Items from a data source
----------------------------------------

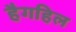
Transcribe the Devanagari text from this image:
हैगहिल
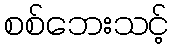
စစ်ဘေးသင့်
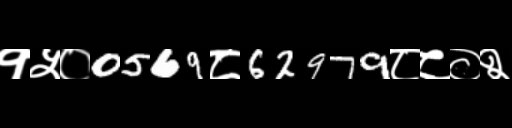
Text: १५०0569८62979८८०२
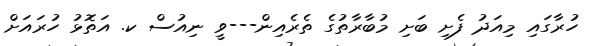
ހުރާގައި މިއަދު ފެށި ބަށި މުބާރާތުގެ ތެރެއިން---ވީ ނިއުސް ކ. އަތޮޅު ހުރައަށް
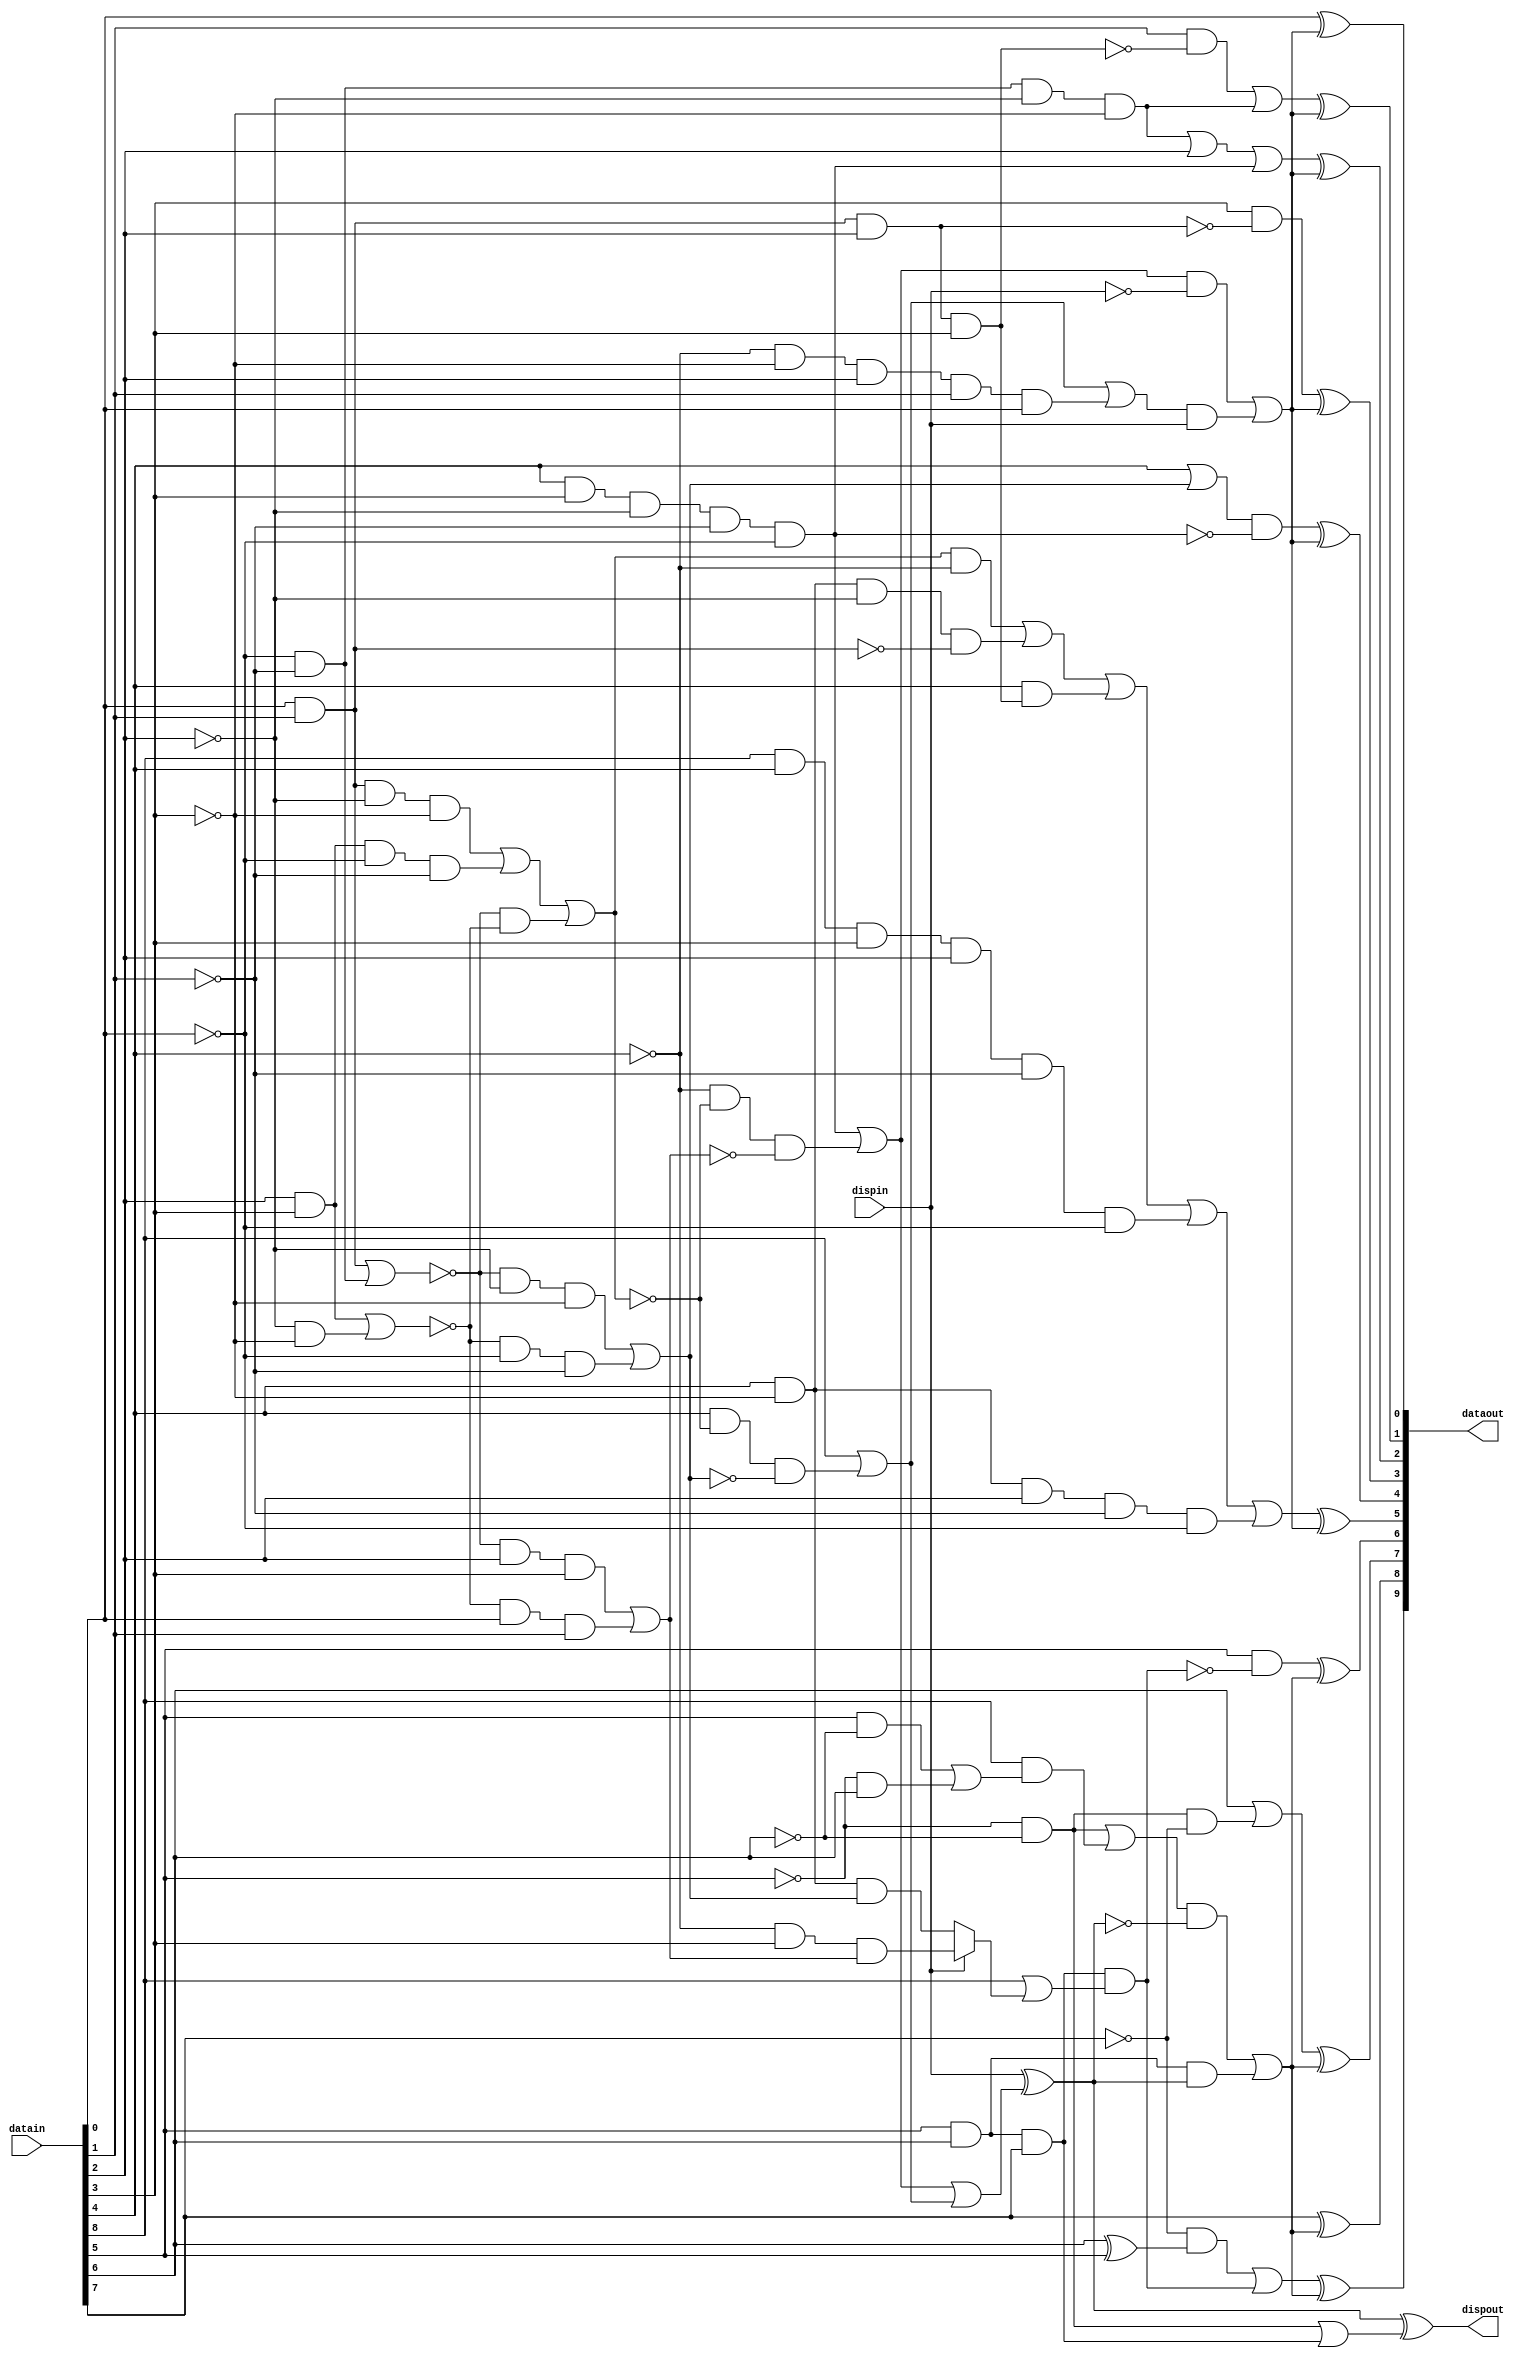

----------------------------------------

▸ **WHAT YOU WILL DO**: Please repeat every record exactly as it stands, leaving out any pictures.

▸ **EXPECTED ANSWER**:
Transcribe the Devanagari text from this image:
हैगहिल
စစ်ဘေးသင့်
Text: १५०0569८62979८८०२
ހުރާގައި މިއަދު ފެށި ބަށި މުބާރާތުގެ ތެރެއިން---ވީ ނިއުސް ކ. އަތޮޅު ހުރައަށް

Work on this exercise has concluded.